Avaux (/fr/) is a commune in the Ardennes department and Grand Est region of north-eastern France.

The commune has been awarded two flowers by the National Council of Towns and Villages in Bloom in the Competition of cities and villages in Bloom.

==Geography==
Avaux is located some 22 km west by south-west of Rethel and 38 km south-east of Laon. Access to the commune is by the D523 from Évergnicourt in the south-west which changes to the D137 at the border then continues to the village and north-east to join the D18 south-west of Saint-Germainmont. The D966 forms the western border of the commune as it goes south from Lor to Evergnicourt. Apart from thin strips of forest along the eastern and southern borders the commune is entirely farmland.

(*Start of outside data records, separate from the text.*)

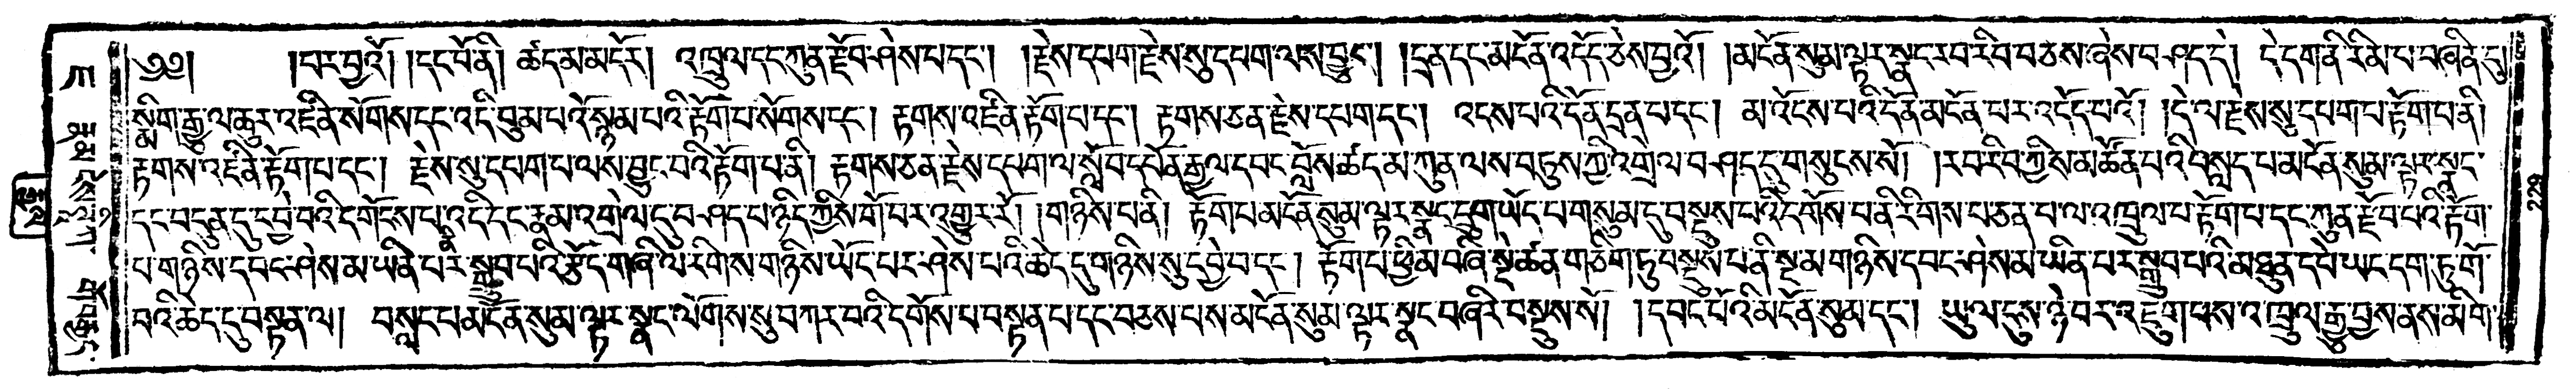༄༅། །པར་བྱའོ། །དང་པོ་ནི། ཚད་མ་མདོར། འཁྲུལ་དང་ཀུན་རྫོབ་ཤེས་པ་དང་། །རྗེས་དཔག་རྗེས་སུ་དཔག་ལས་བྱུང་། །དྲན་དང་མངོན་འདོད་ཅེས་བྱའོ། །མངོན་སུམ་ལྟར་སྣང་རབ་རིབ་བཅས་ཞེས་བཤད་དེ། དེ་དག་ནི་རིམ་པ་བཞིན་དུ།
སྨིག་རྒྱུ་ལ་ཆུར་འཛིན་སོགས་དང་འདི་བུམ་པའོ་སྙམ་པའི་རྟོག་པ་སོགས་དང་། རྟགས་འཛིན་རྟོག་པ་དང་། རྟགས་ཅན་རྗེས་དཔག་དང་། འདས་པའི་དོན་དྲན་པ་དང་། མ་འོངས་པའི་དོན་མངོན་པར་འདོད་པའོ། །དེ་ལ་རྗེས་སུ་དཔག་པ་རྟོག་པ་ནི།
རྟགས་འཛིན་རྟོག་པ་དང་། རྗེས་སུ་དཔག་པ་ལས་བྱུང་བའི་རྟོག་པ་ནི། རྟགས་ཅན་རྗེས་དཔག་ལ་སློབ་དཔོན་རྒྱལ་དབང་བློས་ཚད་མ་ཀུན་ལས་བཏུས་ཀྱི་འགྲེལ་བཤད་དུ་གསུངས་སོ། །རབ་རིབ་ཀྱིས་མཚོན་པའི་བསླད་པ་མངོན་སུམ་ལྟར་སྣང་
དང་བདུན་དུ་དབྱེ་བའི་དགོངས་པ་ནི་འདི་དང་རྣམ་འགྲེལ་དུ་བཤད་པ་ཉིད་ཀྱིས་གོ་བར་འགྱུར་རོ། །གཉིས་པ་ནི། རྟོག་པ་མངོན་སུམ་ལྟར་སྣང་དྲུག་ཡོད་པ་གསུམ་དུ་བསྡུས་པའི་དགོས་པ་ནི་རིགས་པ་ཅན་པ་ལ་འཁྲུལ་པ་རྟོག་པ་དང་ཀུན་རྫོབ་པའི་རྟོག་
པ་གཉིས་དབང་ཤེས་མ་ཡིན་པར་སྒྲུབ་པའི་རྩོད་གཞི་ལ་རིགས་གཉིས་ཡོད་པར་ཤེས་པའི་ཆེད་དུ་གཉིས་སུ་དབྱེ་བ་དང་། རྟོག་པ་ཕྱི་མ་བཞི་སྡེ་ཚན་གཅིག་ཏུ་བསྡུས་པ་ནི་སྔ་མ་གཉིས་དབང་ཤེས་མ་ཡིན་པར་སྒྲུབ་པའི་མཐུན་དཔེ་ཡང་དག་ཏུ་གོ་
བའི་ཆེད་དུ་བསྟན་ལ། བསླང་པ་མངོན་སུམ་ལྟར་སྣང་ལོགས་སུ་བཀར་བའི་དགོས་པ་བསྟན་པ་དང་བཅས་པས་མངོན་སུམ་ལྟར་སྣང་བཞིར་བསྡུས་སོ། །དབང་པོའི་མངོན་སུམ་དང་། ཡུལ་དུས་ཉེ་བར་འཇུག་པས་འཁྲུལ་རྒྱུ་བྱས་ནས་མིག་

The Canal latéral à l'Aisne forms the southern border of the commune and the Aisne river forms the eastern border then runs through the south of the commune parallel to the canal as it flows west to eventually join the Seine at Conflans-Sainte-Honorine.

===Heraldry===

| Arms of Avaux | The official status of the blazon remains to be determined. Blazon: Azure, a lion crowned Argent issuant, in chief Or a crescent of Sable between two mullets the same. |

==Administration==

List of Successive Mayors

| From | To | Name |
|---|---|---|
| 2001 | 2008 | Pascal Beguin |
| 2008 | current | Didier Marby |

==Demography==
The inhabitants of the commune are known as Avalois or Avaloises in French.

==Sites and monuments==
Avaux was once called Asfeld-le-Château as it was the seat of a fortified house of the Counts of Avaux. The chateau has disappeared.

The Church of Notre-Dame contains a Painting: the Nativity of the Virgin (18th century), which is registered as an historical object.

==Notable people linked to the commune==
- Claude de Mesmes, Count of Avaux (1595-1650), diplomat and man of letters.
- Jean-Jacques de Mesmes, Count of Avaux: best known for developing the town of Asfeld.
- Yves Gibeau, his family came from Avaux and he lived in the commune during part of his youth.